I am looking for a solution that could be implemented quickly by myself. I will have to do this conversion once and then every time new versions of the application operations guides are created.

Solutions that I've thought of so far:

  1. Convert HTML to wiki with a Perl or PHP script, based on regular expressions.
  2. Convert Docbook XMLs directly to wiki. Since it is XML, I could use Java for XML parsing. The risk here is that I am not familiar with the DocBooks XML format (as I am with HTML), so this make take some time to learn.

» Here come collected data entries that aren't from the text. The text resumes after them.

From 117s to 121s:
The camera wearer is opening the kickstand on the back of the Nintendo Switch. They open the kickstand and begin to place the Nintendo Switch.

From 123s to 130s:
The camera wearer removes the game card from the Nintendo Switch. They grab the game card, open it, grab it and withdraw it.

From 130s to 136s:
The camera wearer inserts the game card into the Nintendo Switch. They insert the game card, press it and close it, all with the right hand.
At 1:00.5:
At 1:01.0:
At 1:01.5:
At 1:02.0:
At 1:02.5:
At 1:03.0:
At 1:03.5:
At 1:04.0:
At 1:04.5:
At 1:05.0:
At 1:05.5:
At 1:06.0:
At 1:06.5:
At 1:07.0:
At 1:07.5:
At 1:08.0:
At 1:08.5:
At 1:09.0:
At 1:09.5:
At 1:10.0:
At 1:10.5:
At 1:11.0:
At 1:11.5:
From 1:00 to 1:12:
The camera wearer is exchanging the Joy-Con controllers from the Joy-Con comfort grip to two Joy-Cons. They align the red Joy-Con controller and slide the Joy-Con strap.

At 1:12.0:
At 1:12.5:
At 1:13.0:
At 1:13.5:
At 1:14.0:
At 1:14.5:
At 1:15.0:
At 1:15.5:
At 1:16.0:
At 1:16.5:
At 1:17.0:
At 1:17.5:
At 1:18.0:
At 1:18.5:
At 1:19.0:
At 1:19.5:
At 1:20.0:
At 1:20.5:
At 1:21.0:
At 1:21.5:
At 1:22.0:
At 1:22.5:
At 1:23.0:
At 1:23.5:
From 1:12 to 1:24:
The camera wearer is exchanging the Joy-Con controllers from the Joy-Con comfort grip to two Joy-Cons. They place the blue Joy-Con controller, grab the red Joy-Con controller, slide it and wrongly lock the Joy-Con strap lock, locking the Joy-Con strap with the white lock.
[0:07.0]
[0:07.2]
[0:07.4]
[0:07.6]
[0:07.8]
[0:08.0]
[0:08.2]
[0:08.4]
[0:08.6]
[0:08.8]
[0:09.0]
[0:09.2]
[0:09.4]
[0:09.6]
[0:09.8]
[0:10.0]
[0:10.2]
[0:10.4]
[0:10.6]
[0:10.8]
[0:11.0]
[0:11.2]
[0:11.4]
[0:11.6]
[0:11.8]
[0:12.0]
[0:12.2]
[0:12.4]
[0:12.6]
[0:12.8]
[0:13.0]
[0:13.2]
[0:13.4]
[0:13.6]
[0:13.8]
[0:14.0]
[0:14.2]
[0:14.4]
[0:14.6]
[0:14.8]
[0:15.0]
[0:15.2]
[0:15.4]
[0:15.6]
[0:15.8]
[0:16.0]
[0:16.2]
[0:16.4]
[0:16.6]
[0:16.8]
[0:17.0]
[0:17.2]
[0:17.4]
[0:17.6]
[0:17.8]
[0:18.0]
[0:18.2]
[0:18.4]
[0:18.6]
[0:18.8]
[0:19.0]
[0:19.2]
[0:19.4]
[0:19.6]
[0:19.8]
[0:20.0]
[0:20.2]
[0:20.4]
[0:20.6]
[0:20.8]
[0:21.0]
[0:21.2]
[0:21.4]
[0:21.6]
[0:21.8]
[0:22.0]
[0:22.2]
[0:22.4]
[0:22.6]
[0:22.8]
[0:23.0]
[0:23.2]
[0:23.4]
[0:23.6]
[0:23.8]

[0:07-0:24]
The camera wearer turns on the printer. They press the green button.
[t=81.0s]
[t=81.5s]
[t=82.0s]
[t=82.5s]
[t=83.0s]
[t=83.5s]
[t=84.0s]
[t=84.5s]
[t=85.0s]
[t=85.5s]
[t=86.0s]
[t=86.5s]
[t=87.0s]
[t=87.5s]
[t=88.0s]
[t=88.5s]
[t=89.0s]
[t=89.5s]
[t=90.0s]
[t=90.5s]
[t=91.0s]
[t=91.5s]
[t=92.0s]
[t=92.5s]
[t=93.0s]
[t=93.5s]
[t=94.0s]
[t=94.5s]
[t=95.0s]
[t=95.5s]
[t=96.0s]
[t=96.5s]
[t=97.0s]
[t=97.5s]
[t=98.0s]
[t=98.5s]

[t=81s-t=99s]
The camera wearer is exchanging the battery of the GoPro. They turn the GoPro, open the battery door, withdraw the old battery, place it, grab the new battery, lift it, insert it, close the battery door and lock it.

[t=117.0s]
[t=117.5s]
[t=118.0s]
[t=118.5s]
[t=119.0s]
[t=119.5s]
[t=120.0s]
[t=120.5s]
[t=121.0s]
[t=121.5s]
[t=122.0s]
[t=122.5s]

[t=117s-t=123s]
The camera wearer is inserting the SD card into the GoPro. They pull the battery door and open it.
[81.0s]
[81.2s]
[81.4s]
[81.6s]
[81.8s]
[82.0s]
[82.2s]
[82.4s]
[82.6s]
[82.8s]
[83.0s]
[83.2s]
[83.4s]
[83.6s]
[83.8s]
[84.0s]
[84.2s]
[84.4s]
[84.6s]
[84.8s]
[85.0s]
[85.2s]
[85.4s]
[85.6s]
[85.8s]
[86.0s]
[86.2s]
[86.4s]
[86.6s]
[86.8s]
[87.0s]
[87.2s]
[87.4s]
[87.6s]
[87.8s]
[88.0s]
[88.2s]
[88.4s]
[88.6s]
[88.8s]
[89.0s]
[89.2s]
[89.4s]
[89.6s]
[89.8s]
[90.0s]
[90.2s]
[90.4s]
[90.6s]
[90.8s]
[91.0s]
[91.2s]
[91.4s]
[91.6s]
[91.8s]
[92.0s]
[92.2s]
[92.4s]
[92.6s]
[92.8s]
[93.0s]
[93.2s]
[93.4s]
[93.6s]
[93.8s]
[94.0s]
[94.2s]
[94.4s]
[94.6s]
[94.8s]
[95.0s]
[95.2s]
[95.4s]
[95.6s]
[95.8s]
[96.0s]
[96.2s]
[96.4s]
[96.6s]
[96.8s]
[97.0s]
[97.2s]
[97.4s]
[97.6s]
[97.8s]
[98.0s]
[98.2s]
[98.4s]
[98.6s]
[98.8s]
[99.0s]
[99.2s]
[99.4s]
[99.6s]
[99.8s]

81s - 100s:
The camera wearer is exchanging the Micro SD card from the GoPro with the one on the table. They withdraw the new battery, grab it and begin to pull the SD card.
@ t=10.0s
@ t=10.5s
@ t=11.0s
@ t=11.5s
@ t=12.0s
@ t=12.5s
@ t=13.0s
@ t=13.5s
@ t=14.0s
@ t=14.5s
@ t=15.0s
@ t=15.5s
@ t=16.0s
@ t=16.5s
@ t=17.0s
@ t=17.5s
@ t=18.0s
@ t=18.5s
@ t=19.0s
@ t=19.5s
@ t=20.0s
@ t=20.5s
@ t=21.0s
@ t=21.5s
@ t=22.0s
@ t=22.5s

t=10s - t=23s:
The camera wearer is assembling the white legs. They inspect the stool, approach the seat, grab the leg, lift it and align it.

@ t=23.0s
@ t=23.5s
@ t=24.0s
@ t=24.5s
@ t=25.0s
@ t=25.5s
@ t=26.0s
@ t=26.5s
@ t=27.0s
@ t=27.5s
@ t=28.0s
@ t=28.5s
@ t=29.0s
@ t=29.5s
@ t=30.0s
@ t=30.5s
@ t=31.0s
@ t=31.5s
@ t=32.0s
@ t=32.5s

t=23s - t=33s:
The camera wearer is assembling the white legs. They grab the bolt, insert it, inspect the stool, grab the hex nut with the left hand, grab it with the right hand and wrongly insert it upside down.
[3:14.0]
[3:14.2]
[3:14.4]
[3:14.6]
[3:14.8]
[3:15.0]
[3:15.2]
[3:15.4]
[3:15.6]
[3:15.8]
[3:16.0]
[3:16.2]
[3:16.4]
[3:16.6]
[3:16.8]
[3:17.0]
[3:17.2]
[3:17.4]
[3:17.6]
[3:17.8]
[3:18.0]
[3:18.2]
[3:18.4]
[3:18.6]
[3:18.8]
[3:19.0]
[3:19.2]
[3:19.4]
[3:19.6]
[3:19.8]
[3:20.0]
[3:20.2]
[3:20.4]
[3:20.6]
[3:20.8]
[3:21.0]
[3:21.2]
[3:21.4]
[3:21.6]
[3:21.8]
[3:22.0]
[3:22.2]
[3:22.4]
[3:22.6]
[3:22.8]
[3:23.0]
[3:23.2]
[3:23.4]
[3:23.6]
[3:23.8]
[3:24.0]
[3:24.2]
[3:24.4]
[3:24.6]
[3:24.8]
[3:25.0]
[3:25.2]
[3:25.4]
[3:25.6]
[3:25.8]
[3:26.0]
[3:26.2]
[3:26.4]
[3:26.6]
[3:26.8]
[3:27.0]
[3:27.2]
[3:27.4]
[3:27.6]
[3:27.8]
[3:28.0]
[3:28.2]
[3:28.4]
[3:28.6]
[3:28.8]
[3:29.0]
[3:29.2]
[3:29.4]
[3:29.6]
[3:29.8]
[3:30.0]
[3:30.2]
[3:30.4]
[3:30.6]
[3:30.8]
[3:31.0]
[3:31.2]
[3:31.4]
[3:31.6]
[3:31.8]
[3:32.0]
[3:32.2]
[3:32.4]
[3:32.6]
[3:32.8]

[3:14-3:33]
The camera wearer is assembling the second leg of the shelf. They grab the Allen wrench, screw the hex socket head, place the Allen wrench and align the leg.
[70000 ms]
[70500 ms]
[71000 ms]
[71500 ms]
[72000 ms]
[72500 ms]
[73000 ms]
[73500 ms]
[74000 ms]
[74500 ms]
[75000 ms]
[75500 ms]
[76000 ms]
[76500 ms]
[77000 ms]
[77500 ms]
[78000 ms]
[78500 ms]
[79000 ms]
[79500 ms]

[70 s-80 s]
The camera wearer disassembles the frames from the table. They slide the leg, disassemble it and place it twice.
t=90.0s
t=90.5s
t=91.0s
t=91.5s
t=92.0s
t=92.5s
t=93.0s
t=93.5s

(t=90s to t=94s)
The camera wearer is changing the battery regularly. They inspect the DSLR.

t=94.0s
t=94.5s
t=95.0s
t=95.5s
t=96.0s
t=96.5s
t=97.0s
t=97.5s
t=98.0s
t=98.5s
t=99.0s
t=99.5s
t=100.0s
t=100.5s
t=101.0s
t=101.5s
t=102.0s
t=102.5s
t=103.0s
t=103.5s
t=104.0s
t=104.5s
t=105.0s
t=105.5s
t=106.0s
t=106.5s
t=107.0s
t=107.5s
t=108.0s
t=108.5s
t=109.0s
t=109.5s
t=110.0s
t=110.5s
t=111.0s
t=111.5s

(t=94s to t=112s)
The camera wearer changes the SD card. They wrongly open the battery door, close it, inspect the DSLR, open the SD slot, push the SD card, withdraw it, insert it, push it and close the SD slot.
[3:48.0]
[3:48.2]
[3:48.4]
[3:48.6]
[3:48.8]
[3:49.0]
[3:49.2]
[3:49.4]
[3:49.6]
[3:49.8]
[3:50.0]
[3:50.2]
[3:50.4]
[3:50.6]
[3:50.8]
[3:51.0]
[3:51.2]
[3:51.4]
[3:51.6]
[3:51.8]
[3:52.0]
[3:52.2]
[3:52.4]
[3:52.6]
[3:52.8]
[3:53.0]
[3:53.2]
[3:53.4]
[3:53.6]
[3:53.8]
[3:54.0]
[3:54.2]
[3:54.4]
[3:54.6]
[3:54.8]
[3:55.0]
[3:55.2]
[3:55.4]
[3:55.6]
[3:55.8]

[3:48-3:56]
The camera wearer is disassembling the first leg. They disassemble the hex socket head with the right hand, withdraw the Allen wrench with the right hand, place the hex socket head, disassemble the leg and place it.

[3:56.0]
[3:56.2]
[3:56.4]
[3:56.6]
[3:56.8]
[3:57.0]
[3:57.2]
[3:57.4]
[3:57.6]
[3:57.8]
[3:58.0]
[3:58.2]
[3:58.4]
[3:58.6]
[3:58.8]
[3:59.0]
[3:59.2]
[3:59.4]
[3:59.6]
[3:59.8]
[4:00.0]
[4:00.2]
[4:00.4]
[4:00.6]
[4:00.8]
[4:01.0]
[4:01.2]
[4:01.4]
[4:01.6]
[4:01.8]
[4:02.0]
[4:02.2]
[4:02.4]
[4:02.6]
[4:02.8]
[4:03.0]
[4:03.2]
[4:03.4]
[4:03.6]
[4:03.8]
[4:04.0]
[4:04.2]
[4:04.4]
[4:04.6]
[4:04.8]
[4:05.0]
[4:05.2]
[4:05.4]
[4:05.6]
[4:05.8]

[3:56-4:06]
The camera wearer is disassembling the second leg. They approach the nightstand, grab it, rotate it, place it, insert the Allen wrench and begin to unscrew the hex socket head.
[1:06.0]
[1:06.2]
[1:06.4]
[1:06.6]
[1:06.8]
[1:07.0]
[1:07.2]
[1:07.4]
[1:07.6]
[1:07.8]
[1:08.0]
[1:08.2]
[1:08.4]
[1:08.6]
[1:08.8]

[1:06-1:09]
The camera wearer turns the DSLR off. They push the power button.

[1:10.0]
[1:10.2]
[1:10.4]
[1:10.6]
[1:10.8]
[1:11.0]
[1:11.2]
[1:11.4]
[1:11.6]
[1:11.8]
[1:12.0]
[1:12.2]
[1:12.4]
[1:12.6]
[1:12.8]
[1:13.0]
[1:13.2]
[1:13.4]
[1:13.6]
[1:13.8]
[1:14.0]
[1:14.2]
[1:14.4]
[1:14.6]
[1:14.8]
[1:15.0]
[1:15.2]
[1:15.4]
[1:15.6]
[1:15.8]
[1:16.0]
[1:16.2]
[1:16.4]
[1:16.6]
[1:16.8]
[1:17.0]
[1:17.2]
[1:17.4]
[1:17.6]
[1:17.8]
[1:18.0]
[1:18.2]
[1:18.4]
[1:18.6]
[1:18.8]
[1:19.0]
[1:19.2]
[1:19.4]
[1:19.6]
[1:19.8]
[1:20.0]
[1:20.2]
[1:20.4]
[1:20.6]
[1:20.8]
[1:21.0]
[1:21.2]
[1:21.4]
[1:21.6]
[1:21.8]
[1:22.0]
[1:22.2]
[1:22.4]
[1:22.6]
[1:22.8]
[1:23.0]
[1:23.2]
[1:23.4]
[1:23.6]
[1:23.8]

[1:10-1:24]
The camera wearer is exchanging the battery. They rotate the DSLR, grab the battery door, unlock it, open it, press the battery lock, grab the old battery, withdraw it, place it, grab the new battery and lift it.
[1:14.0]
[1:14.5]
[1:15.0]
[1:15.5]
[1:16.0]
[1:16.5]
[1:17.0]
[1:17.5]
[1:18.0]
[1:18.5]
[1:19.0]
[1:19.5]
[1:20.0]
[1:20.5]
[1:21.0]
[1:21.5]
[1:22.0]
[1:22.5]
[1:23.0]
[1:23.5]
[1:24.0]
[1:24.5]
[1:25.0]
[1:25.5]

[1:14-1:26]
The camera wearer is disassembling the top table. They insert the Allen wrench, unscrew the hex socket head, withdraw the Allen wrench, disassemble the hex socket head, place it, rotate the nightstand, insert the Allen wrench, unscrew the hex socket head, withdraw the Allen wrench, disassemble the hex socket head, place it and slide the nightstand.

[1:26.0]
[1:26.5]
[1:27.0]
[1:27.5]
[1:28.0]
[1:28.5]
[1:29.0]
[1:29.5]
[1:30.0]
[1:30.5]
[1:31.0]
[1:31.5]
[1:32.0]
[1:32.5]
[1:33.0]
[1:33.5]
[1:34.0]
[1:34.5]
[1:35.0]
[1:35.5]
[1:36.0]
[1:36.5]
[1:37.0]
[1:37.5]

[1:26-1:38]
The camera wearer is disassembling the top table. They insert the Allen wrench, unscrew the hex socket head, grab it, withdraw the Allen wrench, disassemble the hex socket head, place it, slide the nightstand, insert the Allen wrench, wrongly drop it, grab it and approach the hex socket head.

What approach would you choose for this work?

Update:

I just tried a PMWiki extension called ConvertHTML. It did not work well, because it does not convert HTML tags (e.g. is not converted as is left as in the wiki), as its documentation says:

PmWiki markup does not support all of the HTML markup so a 100% conversion is not possible. However, PmWiki can make replacements to the text as it is being edited or saved. ConvertHTML implements a relatively comprehensive set of rules for converting HTML tags to wiki markup.

+1  A: 

I used Digester to generate Java Objects out of an simple XML File and modify it for my needs via Java. It is an very simple to use Tool. Maybe you want to give it a try. Worked for me..

bastianneu
Digester is really cool if you are working with small xml files. But if the xml files are getting bigger, one should really use another parser (because digester is one of the slowest when it comes to big files [recognizable at a filesize of >5-10MB])
Thank you for that addition
bastianneu
That's interesting. But I would then need to generate HTML from the Java object. I don't think it would be the solution of easiest implementation in this case.
Bruno Rothgiesser
+4  A: 

This might be useful, though it converts from DocBook to MediaWiki, not PM Wiki.

There are Perl modules which can convert HTML to various Wiki dialects: HTML::WikiConverter. So if you can get your DocBook into HTML, then that might also work.

uckelman
+1 for `HTML::WikiConverter`. It looks good. Whatever you do, don't parse HTML using regular expressions. ;-)
Sinan Ünür
HTML::WikiConverter seems to be what I need. I'll give it a try today. The PMWiki dialect that I want is supported: http://search.cpan.org/~diberri/HTML-WikiConverter-PmWiki-0.51/lib/HTML/WikiConverter/PmWiki.pm
Bruno Rothgiesser
HTML::WikiConverter worked well. It was not a perfect conversion, but was the the best solution that I found so far.
Bruno Rothgiesser